De ces contrastes qui se mêlent dans le creuset de la civilisations espagnole, les bijoux de Brune Boyer sont une cristalline métaphore. Leur apparence première souvent déconcerte ; un éclat pareil à la flamboyance d’un soleil incendiant une terre aride, une irisation aux lignes incertaines et surtout la force pleine du fer, du cuivre ou du wenge dans leur solide réalité.
Cette apparence extérieure mêle séduction et rigueur, elle arrête le regard et lui fait chercher une splendeur enclose, qu’il découvre à travers les brisures du métal ou la texture d’une forme tressée. Chaque bijou est un véritable palais qui se refuse à l’appréhension immédiate pour se donner au terme d’une lente initiation, soumise au bon plaisir du spectateur ou du porteur du bijou.
Ce temps de la contemplation – coup de foudre premier et progressif dévoilement – offre au spectateur une expérience de la durée analogue à celle que vit l’artiste aux prises avec l’œuvre à venir. Brune Boyer sait travailler patiemment, elle invente la forme précise dans la matière même qu’elle explore et sait que le véritable artiste ne dompte pas le matériau mais l’écoute et lui obéit pour mieux le transfigurer.

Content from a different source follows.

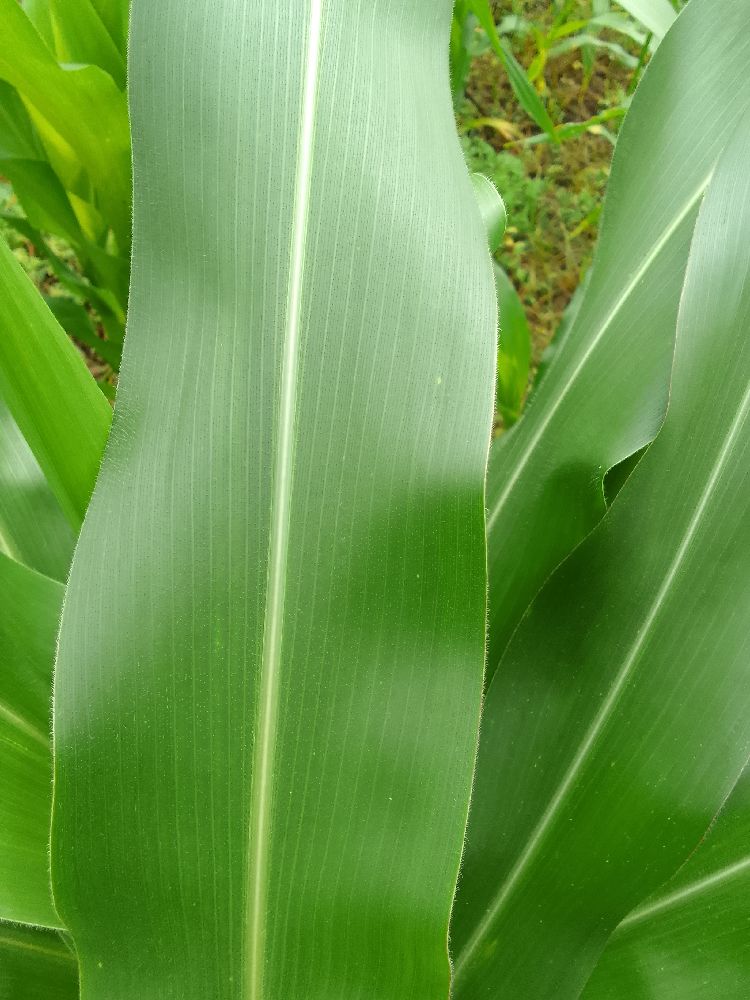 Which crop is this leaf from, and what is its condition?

maize, healthy
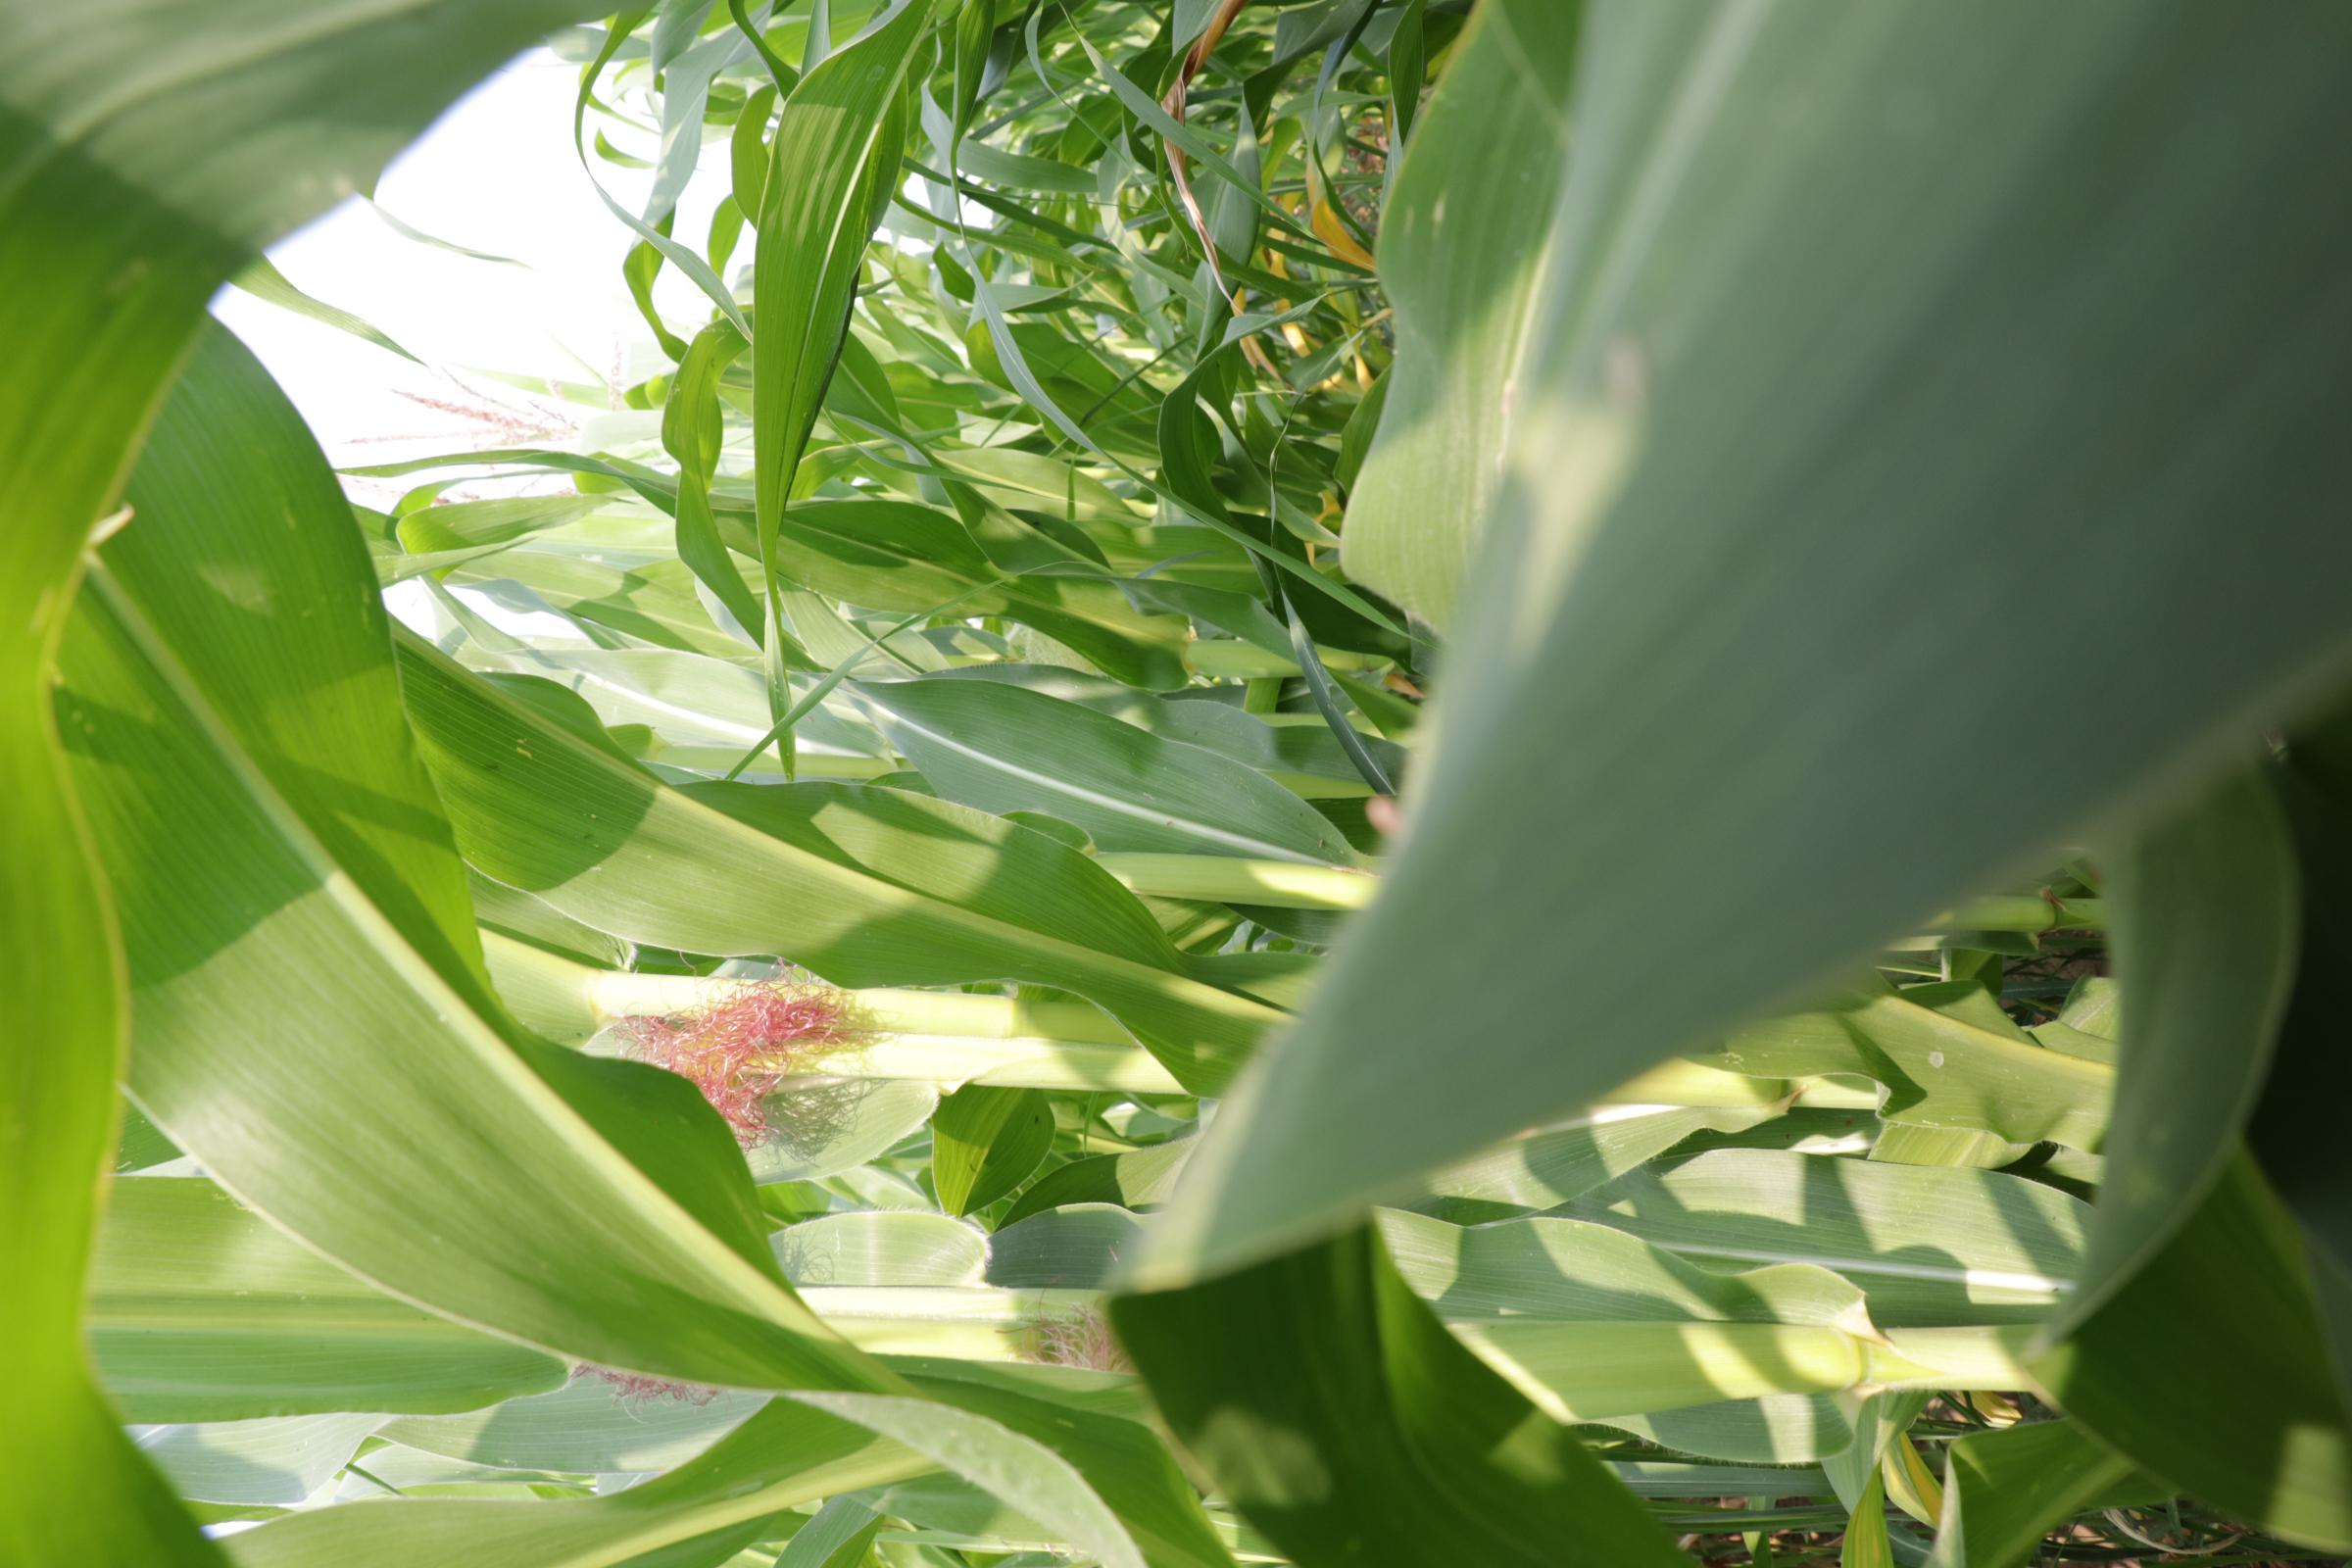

À quoi bon souligner la courbe d’une poitrine, la finesse d’un doigt, la perfection d’un visage ? Les bijoux n’ajoutent pas aux corps je ne sais quelle beauté qui leur manquerait. Ils ne sont pas une exclamation de plus dans un univers déjà bien bavard mais ils explorent tacitement et visuellement un monde à égale distance du cri et du silence, celui du murmure. Les bijoux de Brune Boyer sont des chuchotements matérialisés, ils ont la calme importance des promesses faites à mi-voix, des ces paroles secrètes encloses au cœur de nos existences et qui nous font vivre.
On imagine ces broches illuminant un corps comme autant de sourires complices, ces bagues livrant des déclarations silencieuses, ou ces tressages indiquant des portes entrouvertes où nous puissions nous engouffrer. Ces bijoux sont des lumières portées et nous appellent à devenir les uns pour les autres candélabres et miroirs, éclats et reflets, chaleur et tendresse. Le bijou est un bis-jocus, un double jeu, une invitation à jouer à deux le grand drame de la vie et de l’amour. Dans l’éclat de sa beauté, nous faisons l’expérience sensible d’une vérité que nous connaissons depuis longtemps mais que notre bon sens rationnel nous a fait souvent oublier : rien n’est plus vrai que nos rêves, rien n’est plus solides que les Châteaux en Espagne.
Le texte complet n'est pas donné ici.